"""

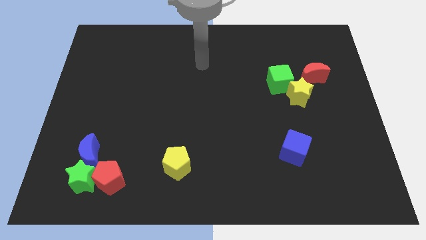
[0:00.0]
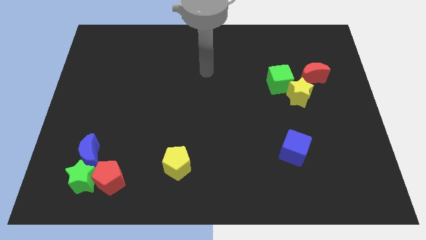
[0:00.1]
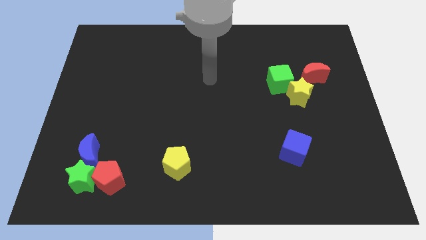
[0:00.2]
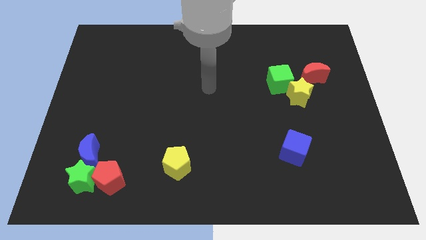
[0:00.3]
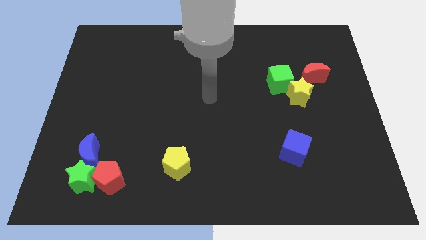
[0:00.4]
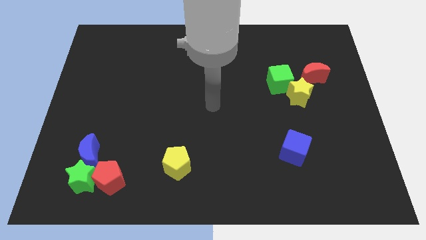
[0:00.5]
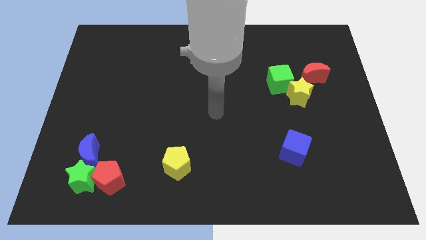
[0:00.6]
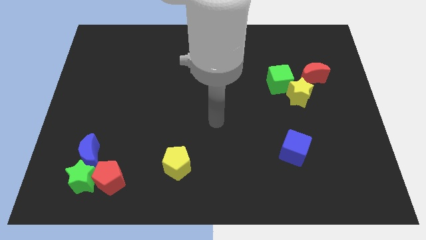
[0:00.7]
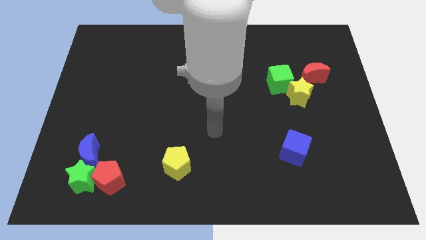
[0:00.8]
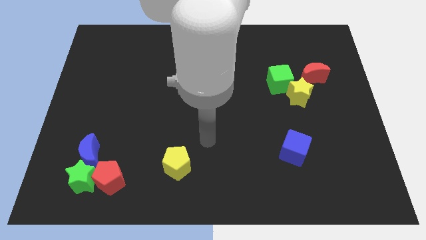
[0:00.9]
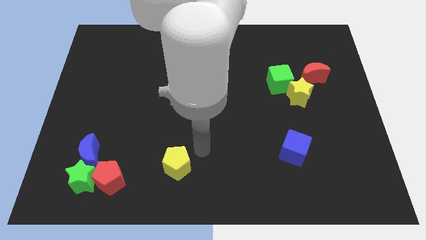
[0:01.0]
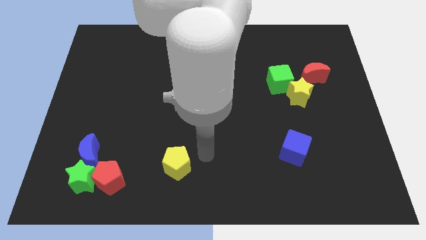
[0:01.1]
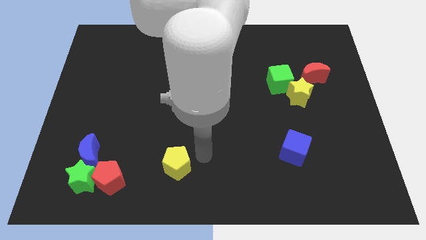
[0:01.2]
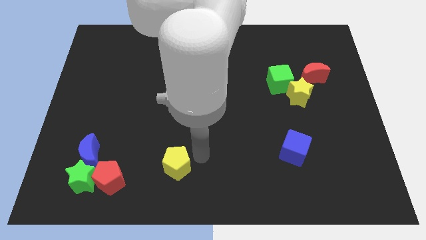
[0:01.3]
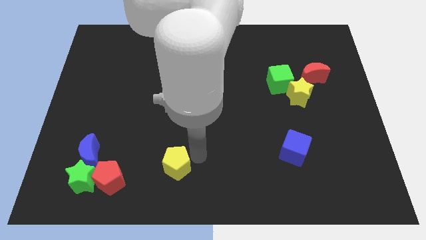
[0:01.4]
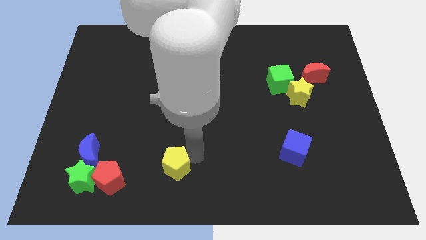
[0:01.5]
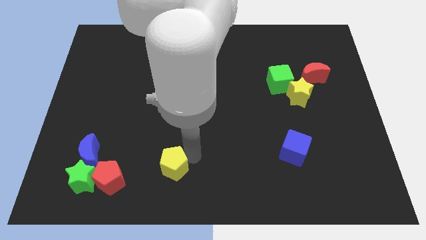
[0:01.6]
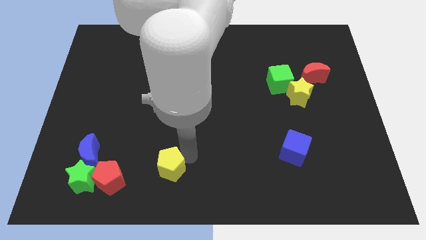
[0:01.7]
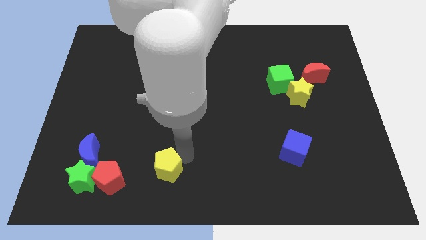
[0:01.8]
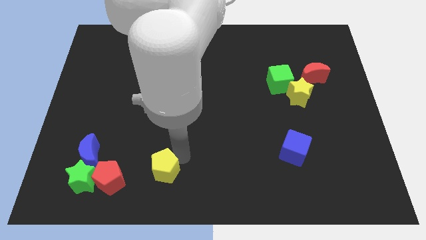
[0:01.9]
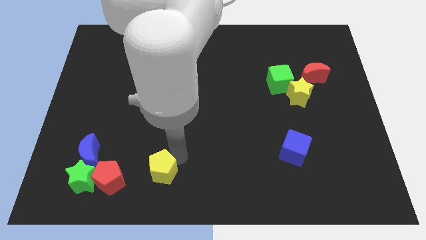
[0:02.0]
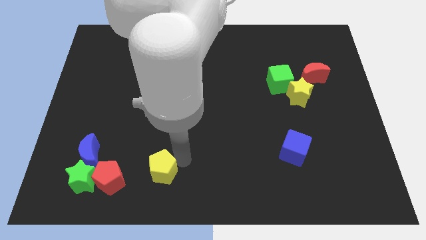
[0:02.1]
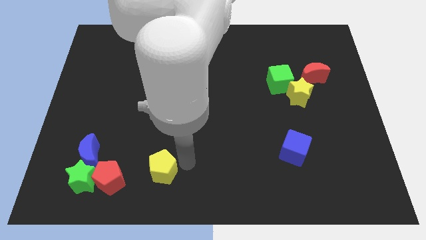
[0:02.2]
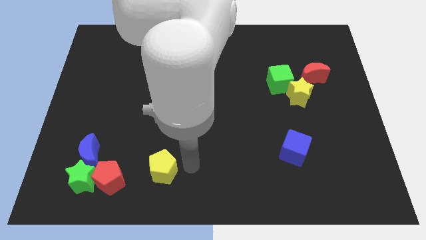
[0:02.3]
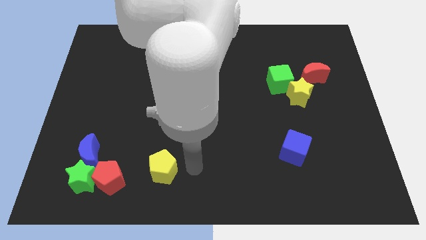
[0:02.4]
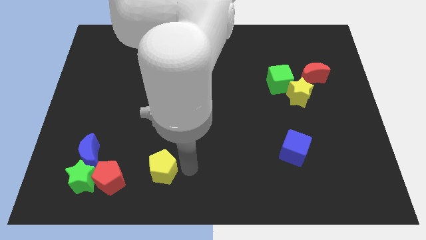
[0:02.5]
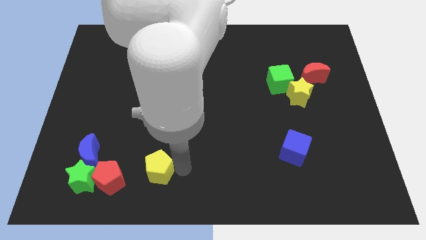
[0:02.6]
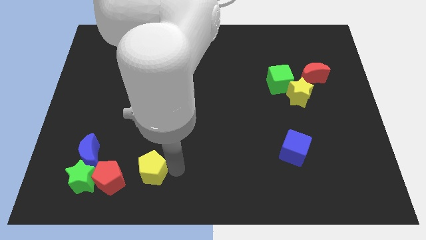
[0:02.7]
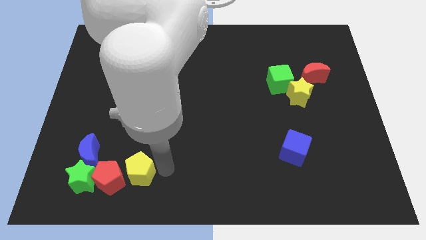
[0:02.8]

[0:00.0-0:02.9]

"""

Only the text of the entries above is to be given again, exactly, with the pictures left out.

- **RESPONSE TO THE EXERCISE**
[0:00.0]
[0:00.1]
[0:00.2]
[0:00.3]
[0:00.4]
[0:00.5]
[0:00.6]
[0:00.7]
[0:00.8]
[0:00.9]
[0:01.0]
[0:01.1]
[0:01.2]
[0:01.3]
[0:01.4]
[0:01.5]
[0:01.6]
[0:01.7]
[0:01.8]
[0:01.9]
[0:02.0]
[0:02.1]
[0:02.2]
[0:02.3]
[0:02.4]
[0:02.5]
[0:02.6]
[0:02.7]
[0:02.8]

[0:00.0-0:02.9]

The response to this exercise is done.